Last year, dot-coms and old-line marketers saw sweeping promotional deals with portals as the cost of entry on the Web. But today, marketers seem more inclined to show portals the door.
A study Jupiter Communications will release at this week's "Jupiter Online Advertising Forum" in New York finds marketers taking a show-me attitude to portal deals, opting for shorter agreements and tying compensation to performance rather than just reach.
"I think portals are past the point of not having to prove themselves," said Michele Slack, lead analyst on Jupiter's portal critique. "Every dollar is being held accountable."
'THERE USED TO BE A MYTH'
Portal deals escalated last year when cost seemed no object, with continual announcements of deals such as the $89 million, four-year pact drkoop.com struck with America Online. Drkoop now is struggling to stay alive and has renegotiated the deal.
Web portals are under pressure from dot-coms, which lack the cash and inclination to do big deals, and traditional marketers, which demand more performance.
Among dot-coms, Ms. Slack said, "there used to be a myth" that a big deal with Yahoo! or AOL was an IPO maker, providing exposure to consumers and attracting attention on Wall Street. If a dot-com were to hype a deal with a portal today, "the Street's going to question why you are pouring all this money into one place." Internet companies more likely will cut shorter-term deals with portals rather than sweeping multiyear pacts, Ms. Slack added.
Major marketers are still doing deals, such as recent promotions struck between Target Stores and AOL as well as Pepsi-Cola Co. and Yahoo!. But Ms. Slack said portal deals are shifting more from cash to barter; Pepsi's five-month promotion gives Yahoo! exposure on bottles and in-store displays.
Even top-tier destinations such as AOL, Yahoo! and Microsoft Corp.'s MSN must prove they're worth the price. Second-tier properties, such as Lycos and Go Network, need to stand out by offering a better deal, more pay-for-performance or a more targeted audience, Ms. Slack said.
"You can really push for terms" with portals, Ms. Slack said. "This is a great time (for advertisers). They can use everything they've learned to date and drive a better deal."

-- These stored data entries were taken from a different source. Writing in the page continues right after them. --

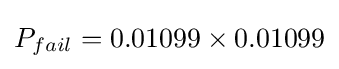
P_{fail}=0.01099\times 0.01099
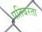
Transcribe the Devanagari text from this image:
पतिबरता
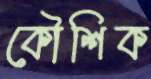
কৌশিক
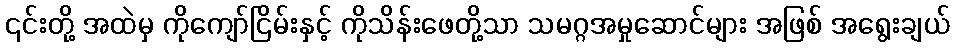
၎င်းတို့ အထဲမှ ကိုကျော်ငြိမ်းနှင့် ကိုသိန်းဖေတို့သာ သမဂ္ဂအမှုဆောင်များ အဖြစ် အရွေးချယ်
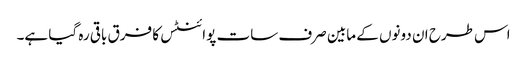
اس طرح ان دونوں کے مابین صرف سات پوائنٹس کا فرق باقی رہ گیا ہے۔
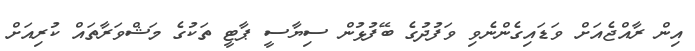
އިން ރާއްޖެއަށް ވަޑައިގެންނެވި ވަފުދުގެ ބޭފުޅުން ސިޔާސީ ޕާޓީ ތަކުގެ މަޝްވަރާތައް ކުރިއަށް
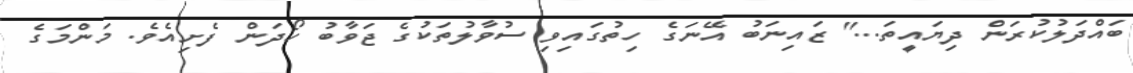
ބައްދަލުކުރަން ދިޔައީތަ...'' ޒައިނަބު އޭނަގެ ހިތުގައިވި ސުވާލުތަކުގެ ޖަވާބު ހޯދަން ފެށިއެވެ. މަންމަގެ
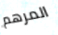
المرهم
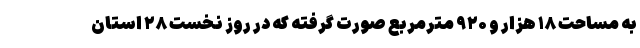
به مساحت ۱۸ هزار و ۹۲۰ مترمربع صورت گرفته که در روز نخست ۲۸ استان
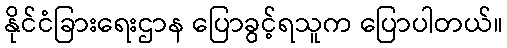
နိုင်ငံခြားရေးဌာန ပြောခွင့်ရသူက ပြောပါတယ်။
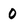
Character: 0
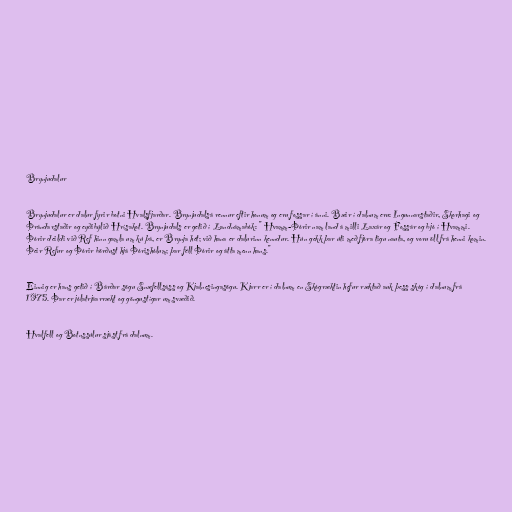
Brynjudalur

Brynjudalur er dalur fyrir botni Hvalsfjarðar. Brynjudalsá rennur eftir honum og eru fossar í ánni. Bæir í dalnum eru: Ingunnarstaðir, Skorhagi og
Þrándarstaðir og eyðibýlið Hrísakot. Brynjudals er getið í Landnámabók: " Hvamm-Þórir nam land á milli Laxár og Fossár og bjó í Hvammi.
Þórir deildi við Ref hinn gamla um kú þá, er Brynja hét; við hana er dalurinn kenndur. Hún gekk þar úti með fjóra tigu nauta, og voru öll frá henni komin.
Þeir Refur og Þórir börðust hjá Þórishólum; þar féll Þórir og átta menn hans."

Einnig er hans getið í Bárðar sögu Snæfellsáss og Kjalnesingasögu. Kjarr er í dalnum en Skógræktin hefur ræktað auk þess skóg í dalnum frá
1975. Þar er jólatrjáarrækt og göngustígar um svæðið.

Hvalfell og Botnssúlur sjást frá dalnum.
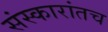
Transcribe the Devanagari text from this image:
संस्कारांतच
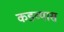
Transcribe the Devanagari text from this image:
कडव्यास
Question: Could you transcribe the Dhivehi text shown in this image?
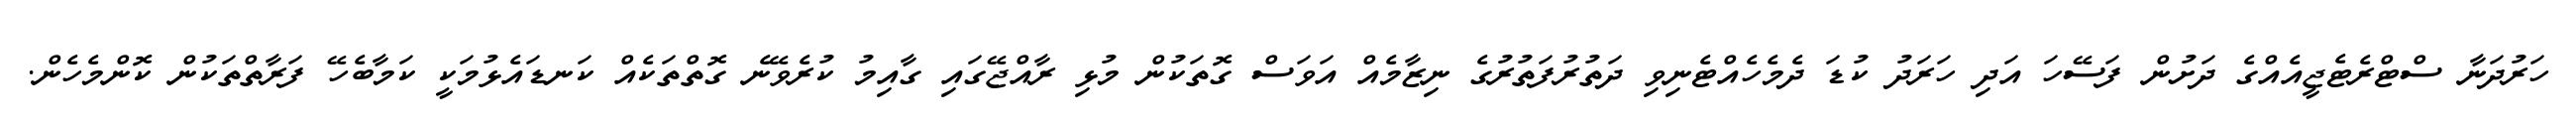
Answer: ހަރުދަނާ ސްޓްރެޓެޖީއެއްގެ ދަށުން ފަސޭހަ އަދި ހަރަދު ކުޑަ ދެމެހެއްޓެނިވި ދަތުރުފަތުރުގެ ނިޒާމެއް އަވަސް ގޮތަކުން މުޅި ރާއްޖޭގައި ގާއިމު ކުރެވޭނެ ގޮތްތަކެއް ކަނޑައެޅުމަކީ ކަމާބެހޭ ފަރާތްތަކުން ކޮންމެހެން.
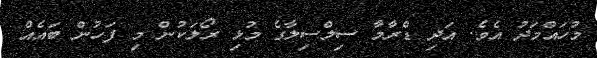
މުހައްމަދު އެވެ. އަދި ޑްރާމާ ސިލްސިލާގެ މުޅި ރޯލަކުން މި ފަހުން ބައެއް

Extended portal promotional agreements are big investments: One-third of respondents to Jupiter's May executive survey allocated more than 40% of online marketing budgets to portal deals.
But executives were underwhelmed at how deals have performed. The survey found executives were somewhere between "neutral" and "dissatisfied" in how deals generated sales or leads, which they saw as the most important evaluation metric. They were between "neutral" and "satisfied" on the second-most-important measure--how portals generated click-throughs and traffic.
BAD NEWS FOR E-TAILERS
While a portal by definition generates large traffic across its sites, that does not necessarily translate into major traffic or business for deal partners, who may get lost amid the clutter. A Jupiter consumer survey found more shoppers steering clear of portal shopping sections and going directly to vendors' sites. Just 2% of e-shoppers started their excursions in a portal shopping center. That's bad news for e-tailers that bet big on portals.
Ms. Slack said it would make sense for many marketers to skip broad portal deals and put the money into targeted buys--picking, for example, specialty sites and well-performing areas within portals.
"In today's market," she said, "the portals have to prove their value."